Re: Zen and the art of ignoring XP
by cog (Parson) on May 12, 2005 at 09:48 UTC
    I mean, I'm 200+ points from "saint"

    As I've said before:

    XP is just a number... but of course people only realize that the moment they become Saints! It's called "enlightenment".

Re: Zen and the art of ignoring XP
by artist (Parson) on May 12, 2005 at 17:43 UTC
    We should have methods defined for what to do with 'XP' and then don't do anything else with your XP. My favorite methods: Be happy if they like your nodes. Ignore if you get couple of '-' votes. Introspect little for more than 5 negative votes. Never lose your sleep over XP.

    --Artist
Re: Zen and the art of ignoring XP
by exussum0 (Vicar) on May 12, 2005 at 18:27 UTC
    cog already said, rightfully, it's only a number. cog is right. But it's a reward as well. At some point, you'll realize, these numbers, ranks, salary (beyond comfort) are just numbers. Do the rewards they represent matter to you?

    Look at it this way. 3k points, you become a saint, then your name goes on a page of saints. 5 years of some language, 10 years of computing, then you become a good programmer, maybe architect quality.

    It's not what you put in, it's what you get out. The journey is sometimes more important.

    ----
    Give me strength for today.. I will not talk it away..
    Just for a moment.. It will burn through the clouds.. and shine down on me.

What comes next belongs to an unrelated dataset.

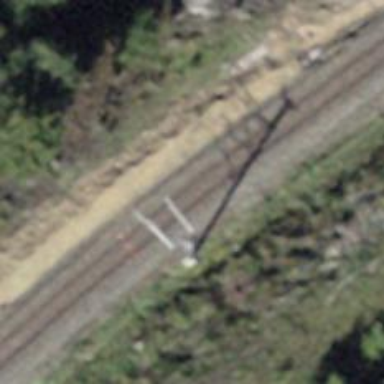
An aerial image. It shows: Power pole.
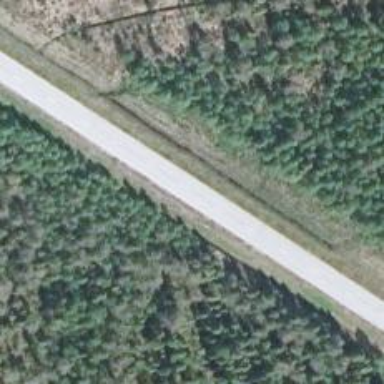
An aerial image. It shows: Asphalt road classified as trunk highway.
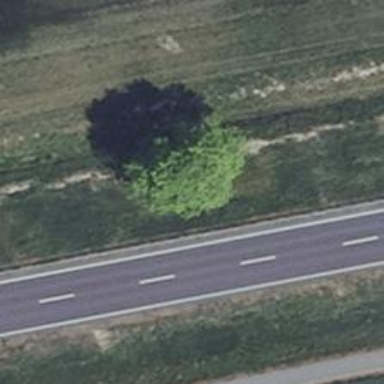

Re: Zen and the art of ignoring XP
by TedPride (Priest) on May 13, 2005 at 01:21 UTC
    I take great pride in my Perl Monks ranking, and reference it often. Sure, I'm only a bishop (rank 8), and I know I will still be inferior to most of the saints here even after reaching saint, but each rank represents a significant amount of reading, voting, and posting, and is therefore an excellent measurement of commitment to Perl as a language and to programming in general. A saint has paid his dues, and proven himself at least capable, if not necessarily brilliant.
Re: Zen and the art of ignoring XP
by tcf03 (Deacon) on May 14, 2005 at 07:46 UTC
    This node along with On Quality seem to be thematic as of late. Just to add fuel to the fire, just as in ZMM, it could be said of Perl that Perl, not quality could be substituted for tao in the tao te ching. It seems a natual fit.

    Ted
    --
    "Men have become the tools of their tools."